- [ABOUT THIS EXERCISE]:
All the data that follows should be repeated exactly, without a single picture.

[Items from a dataset]
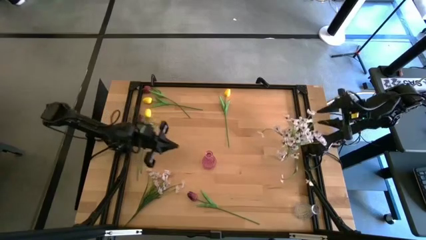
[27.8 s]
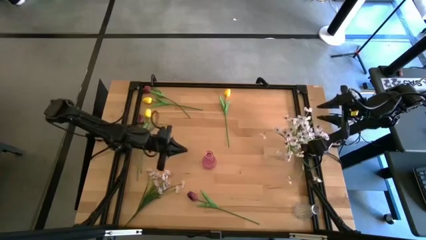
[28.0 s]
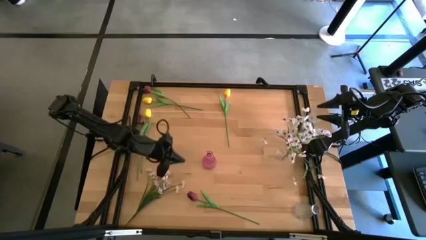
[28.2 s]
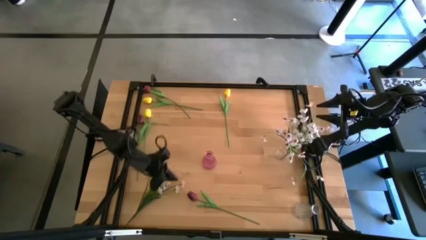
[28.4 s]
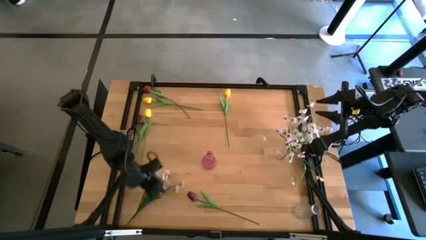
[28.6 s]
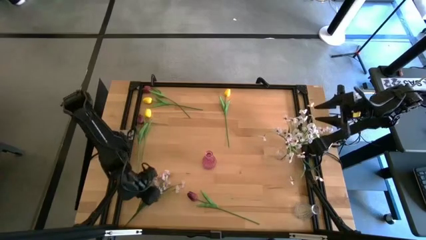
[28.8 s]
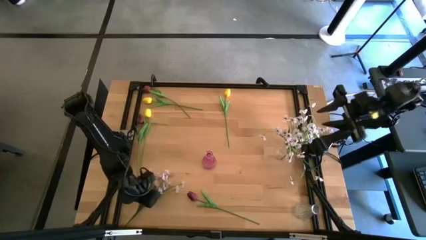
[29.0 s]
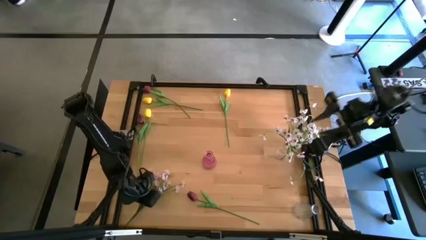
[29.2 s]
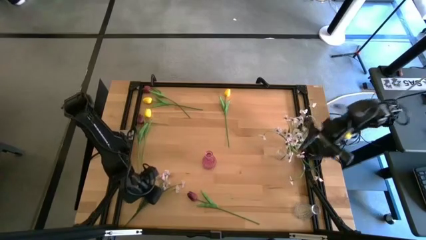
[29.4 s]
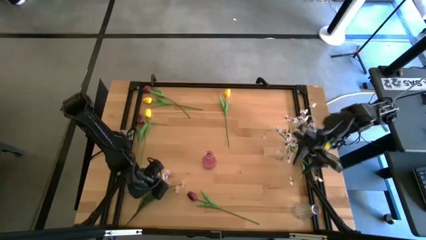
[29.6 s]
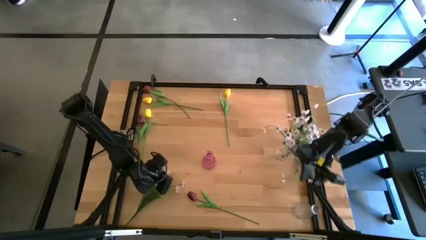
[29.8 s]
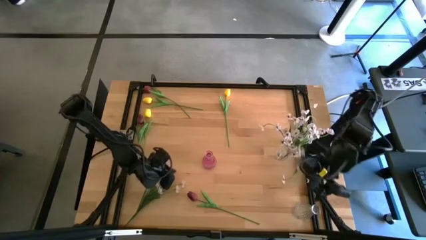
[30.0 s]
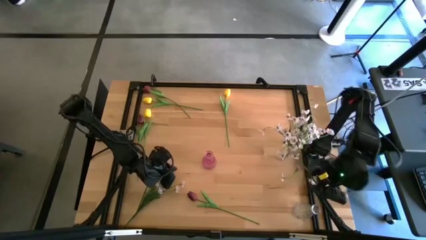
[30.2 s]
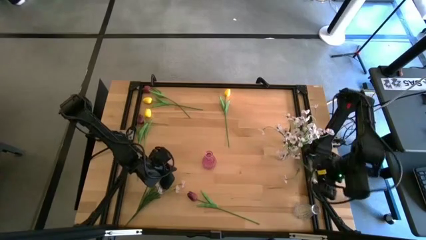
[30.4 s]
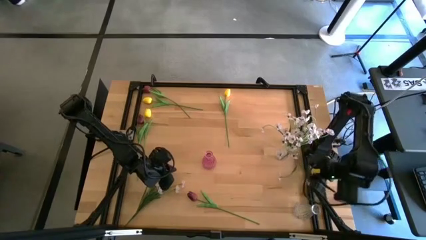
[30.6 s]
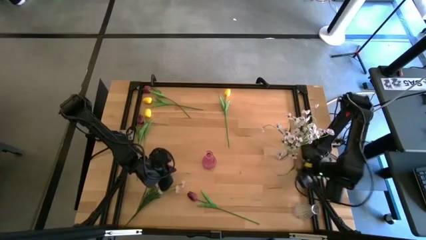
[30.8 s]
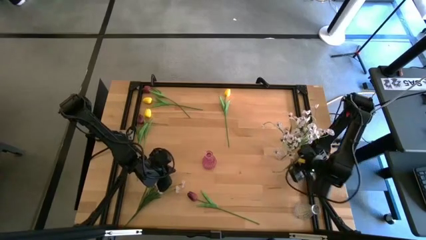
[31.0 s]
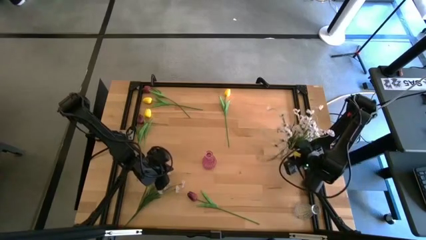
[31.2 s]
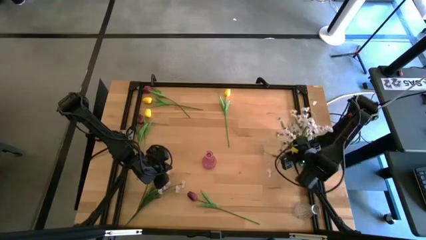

- [RESPONSE]:
[27.8 s]
[28.0 s]
[28.2 s]
[28.4 s]
[28.6 s]
[28.8 s]
[29.0 s]
[29.2 s]
[29.4 s]
[29.6 s]
[29.8 s]
[30.0 s]
[30.2 s]
[30.4 s]
[30.6 s]
[30.8 s]
[31.0 s]
[31.2 s]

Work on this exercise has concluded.